Stored entries:

*** Begin section ***

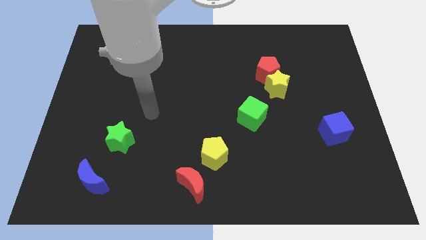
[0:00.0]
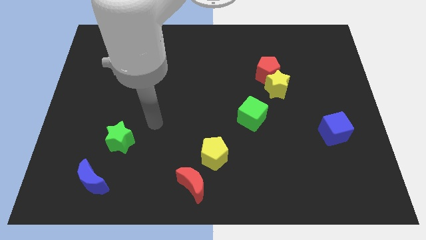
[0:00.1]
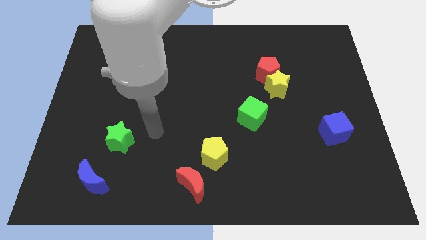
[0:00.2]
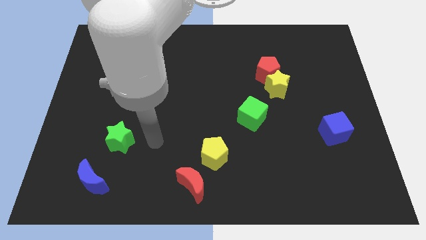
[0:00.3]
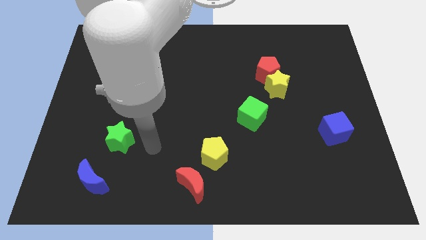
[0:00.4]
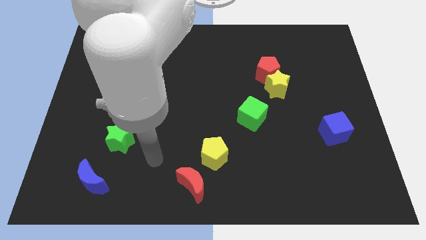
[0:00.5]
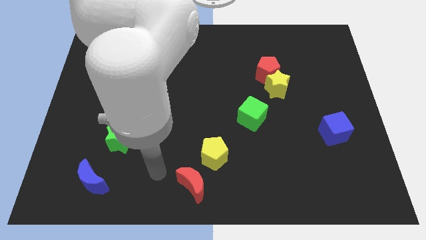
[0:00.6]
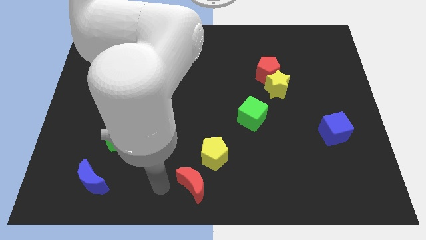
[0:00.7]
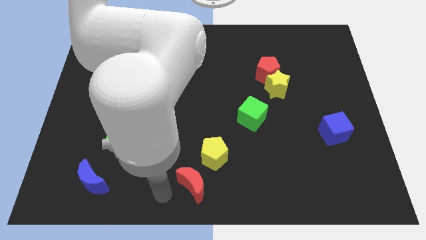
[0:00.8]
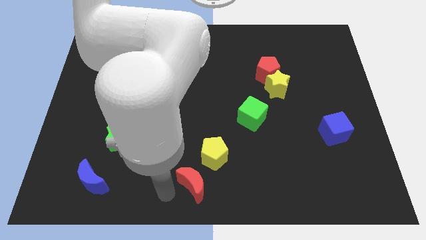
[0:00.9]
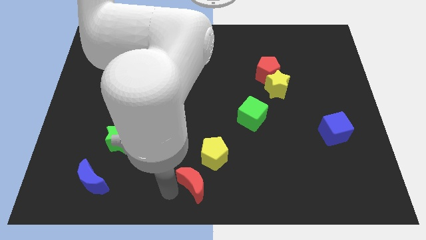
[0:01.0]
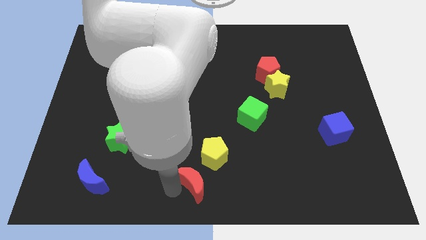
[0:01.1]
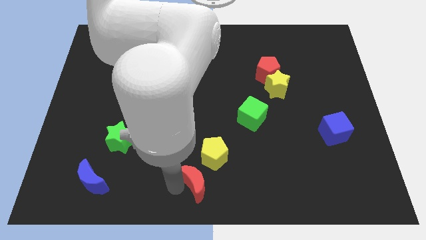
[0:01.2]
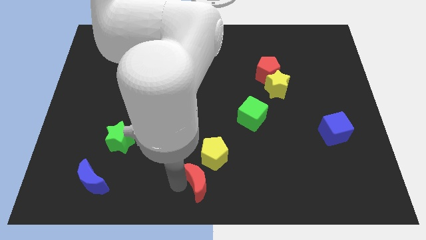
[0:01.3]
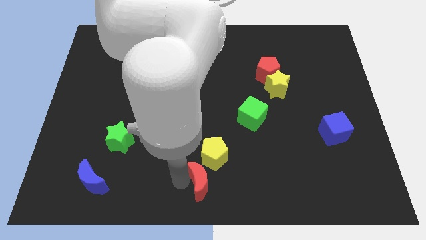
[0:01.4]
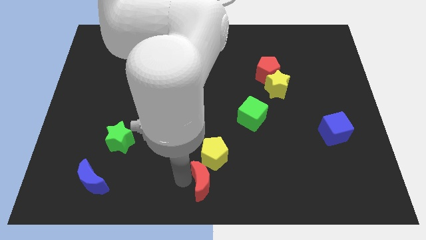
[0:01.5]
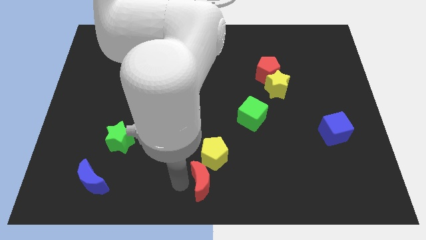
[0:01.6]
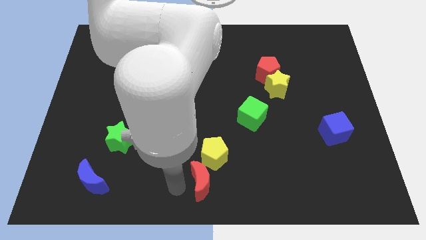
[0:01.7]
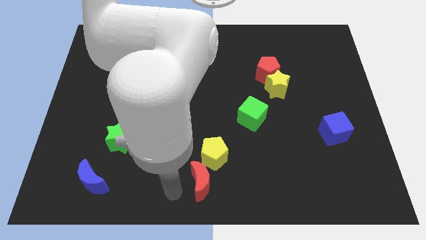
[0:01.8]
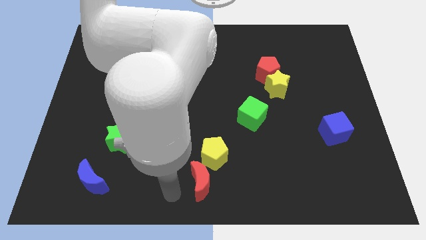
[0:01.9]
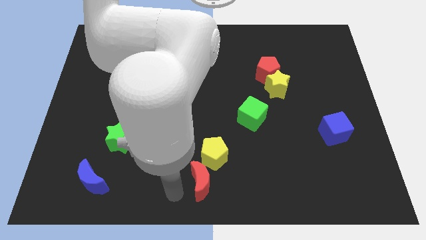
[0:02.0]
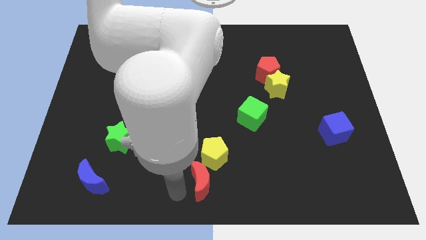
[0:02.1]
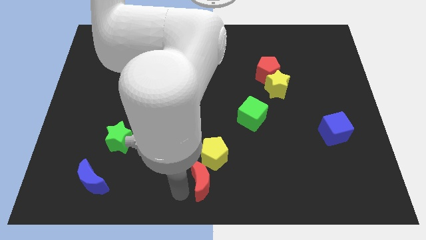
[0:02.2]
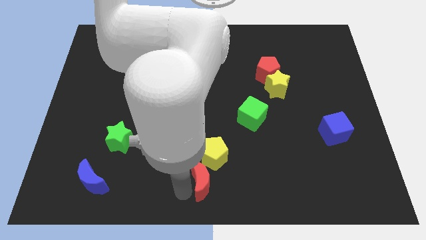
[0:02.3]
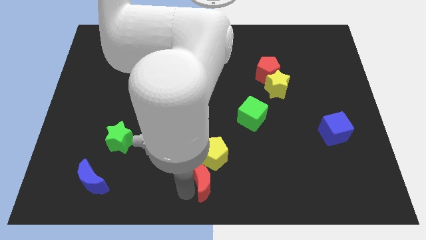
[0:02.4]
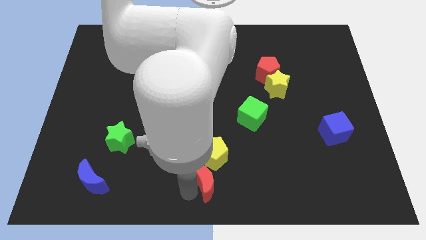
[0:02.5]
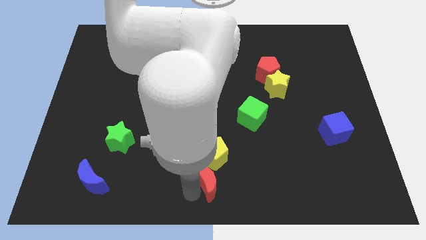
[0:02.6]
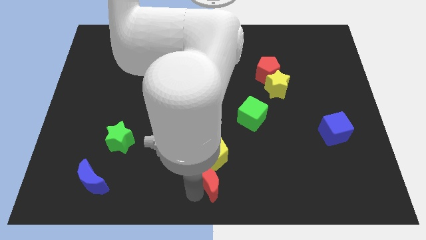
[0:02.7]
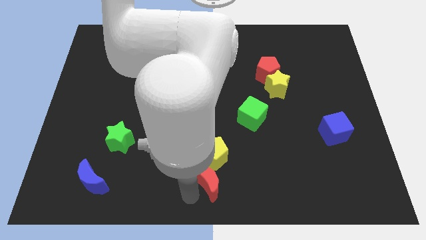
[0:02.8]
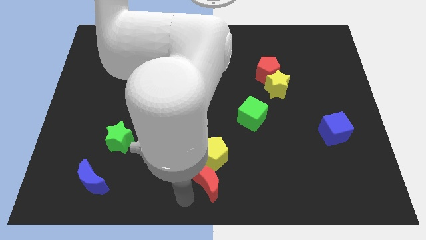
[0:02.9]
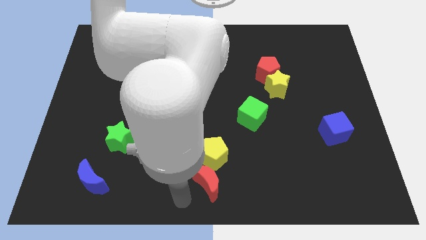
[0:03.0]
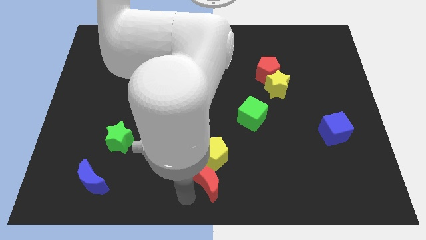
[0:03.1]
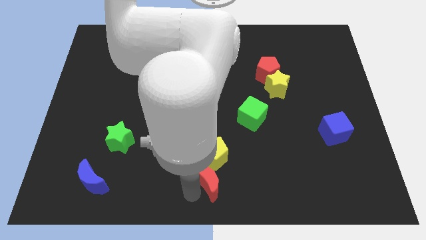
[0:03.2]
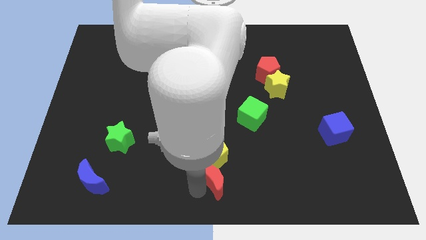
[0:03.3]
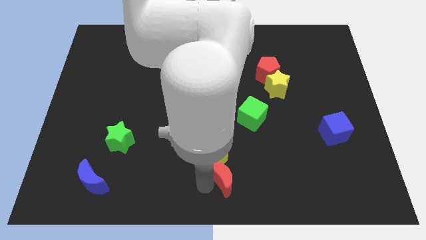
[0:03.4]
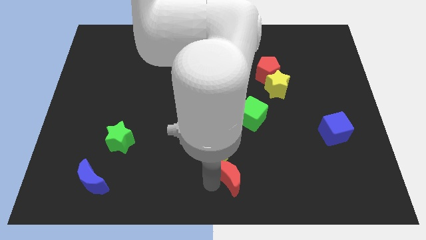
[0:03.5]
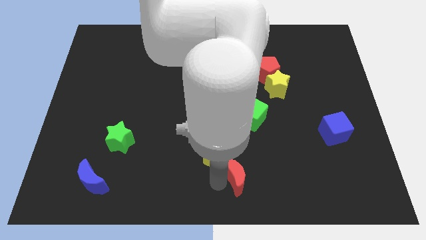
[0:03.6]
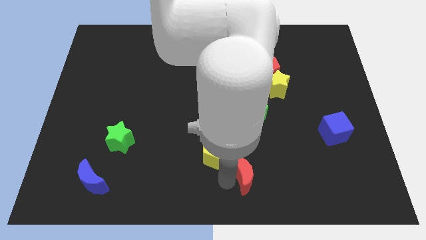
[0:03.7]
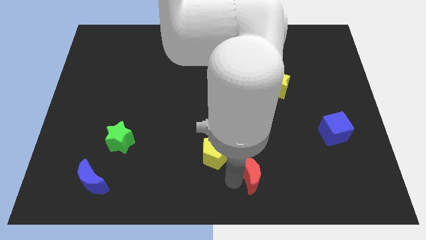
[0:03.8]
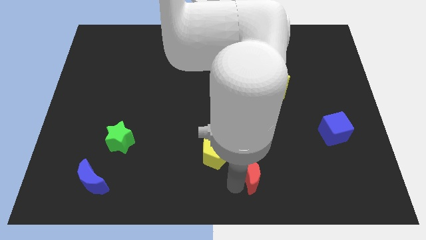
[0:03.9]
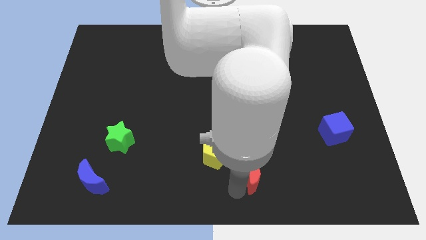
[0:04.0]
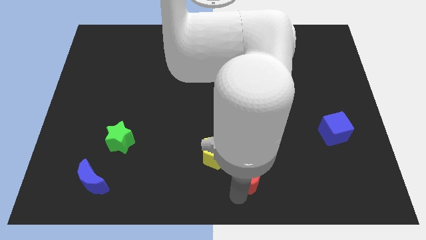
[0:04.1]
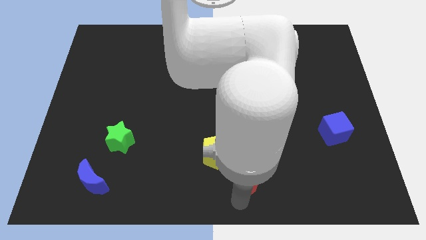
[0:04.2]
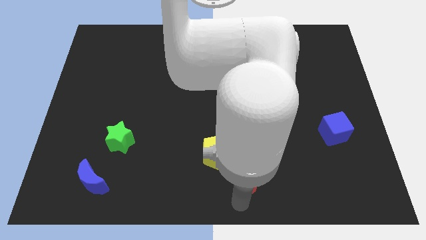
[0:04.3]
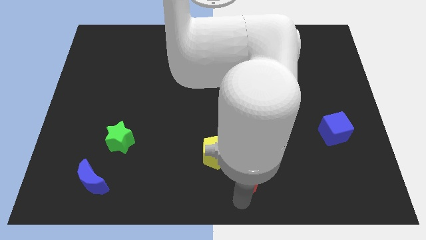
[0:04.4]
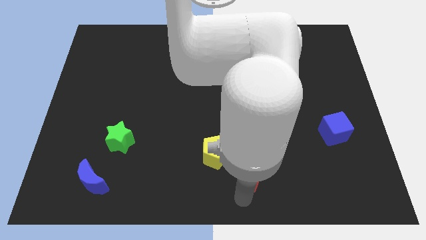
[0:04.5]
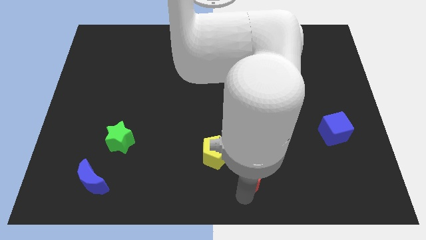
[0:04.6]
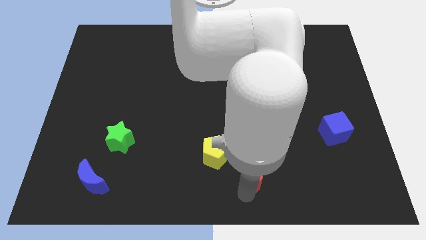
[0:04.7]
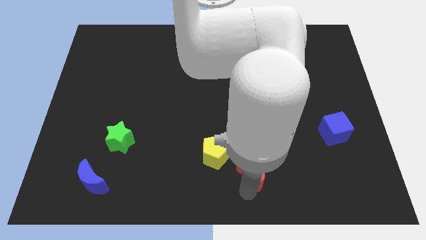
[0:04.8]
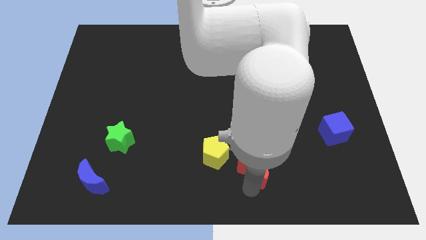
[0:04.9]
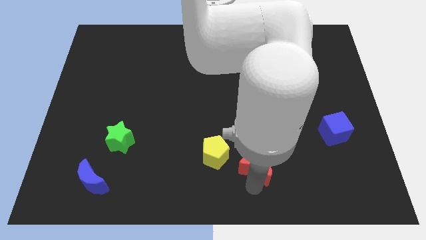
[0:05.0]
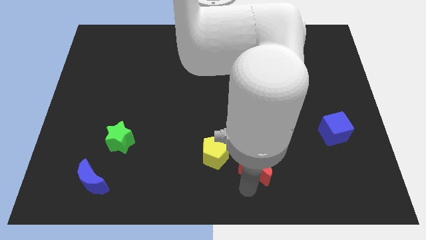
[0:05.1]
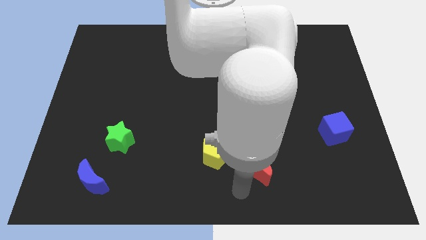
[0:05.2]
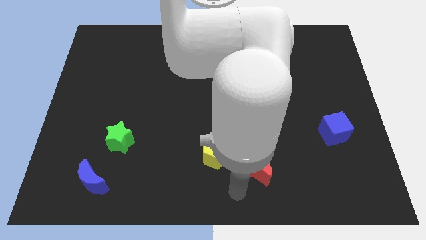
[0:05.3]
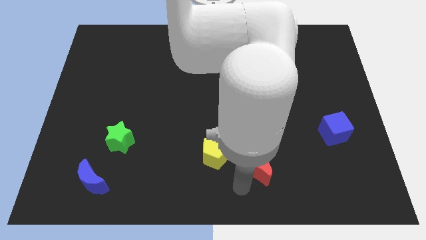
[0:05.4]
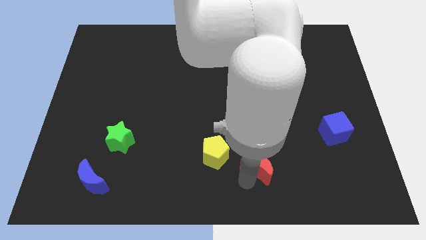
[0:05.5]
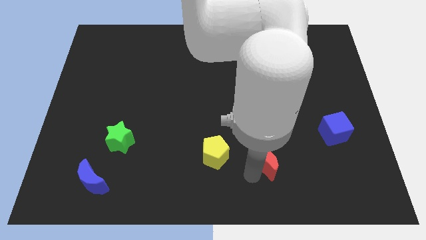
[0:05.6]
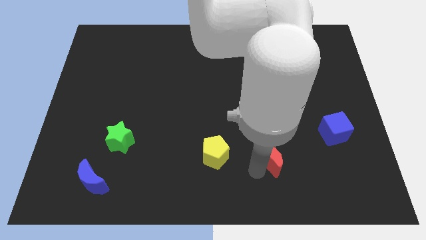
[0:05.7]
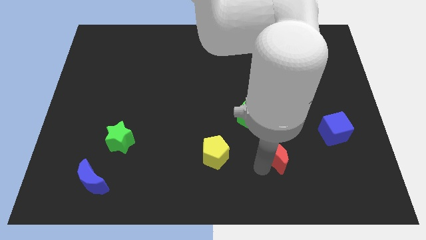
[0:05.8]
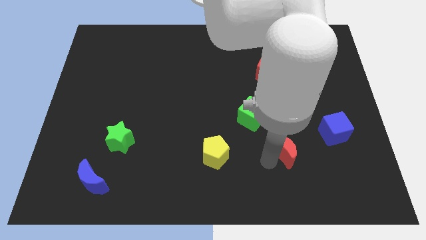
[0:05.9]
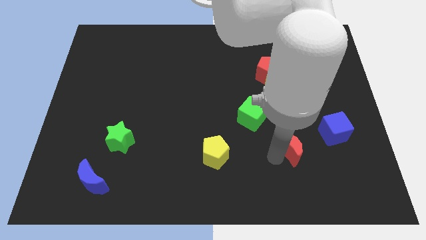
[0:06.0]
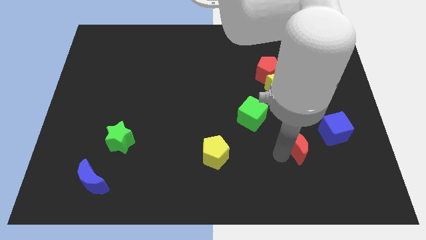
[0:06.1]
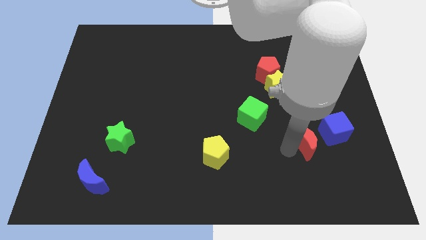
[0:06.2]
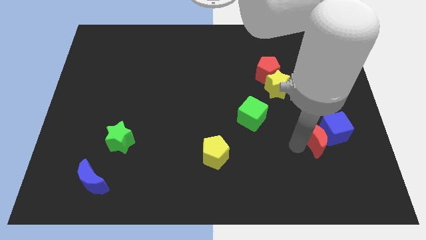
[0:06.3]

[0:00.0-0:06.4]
slide the red moon next to the blue cube

*** End section ***

**Problem details**
Exactly as written above, print every line of the data but not its pictures.

**Reply**
[0:00.0]
[0:00.1]
[0:00.2]
[0:00.3]
[0:00.4]
[0:00.5]
[0:00.6]
[0:00.7]
[0:00.8]
[0:00.9]
[0:01.0]
[0:01.1]
[0:01.2]
[0:01.3]
[0:01.4]
[0:01.5]
[0:01.6]
[0:01.7]
[0:01.8]
[0:01.9]
[0:02.0]
[0:02.1]
[0:02.2]
[0:02.3]
[0:02.4]
[0:02.5]
[0:02.6]
[0:02.7]
[0:02.8]
[0:02.9]
[0:03.0]
[0:03.1]
[0:03.2]
[0:03.3]
[0:03.4]
[0:03.5]
[0:03.6]
[0:03.7]
[0:03.8]
[0:03.9]
[0:04.0]
[0:04.1]
[0:04.2]
[0:04.3]
[0:04.4]
[0:04.5]
[0:04.6]
[0:04.7]
[0:04.8]
[0:04.9]
[0:05.0]
[0:05.1]
[0:05.2]
[0:05.3]
[0:05.4]
[0:05.5]
[0:05.6]
[0:05.7]
[0:05.8]
[0:05.9]
[0:06.0]
[0:06.1]
[0:06.2]
[0:06.3]

[0:00.0-0:06.4]
slide the red moon next to the blue cube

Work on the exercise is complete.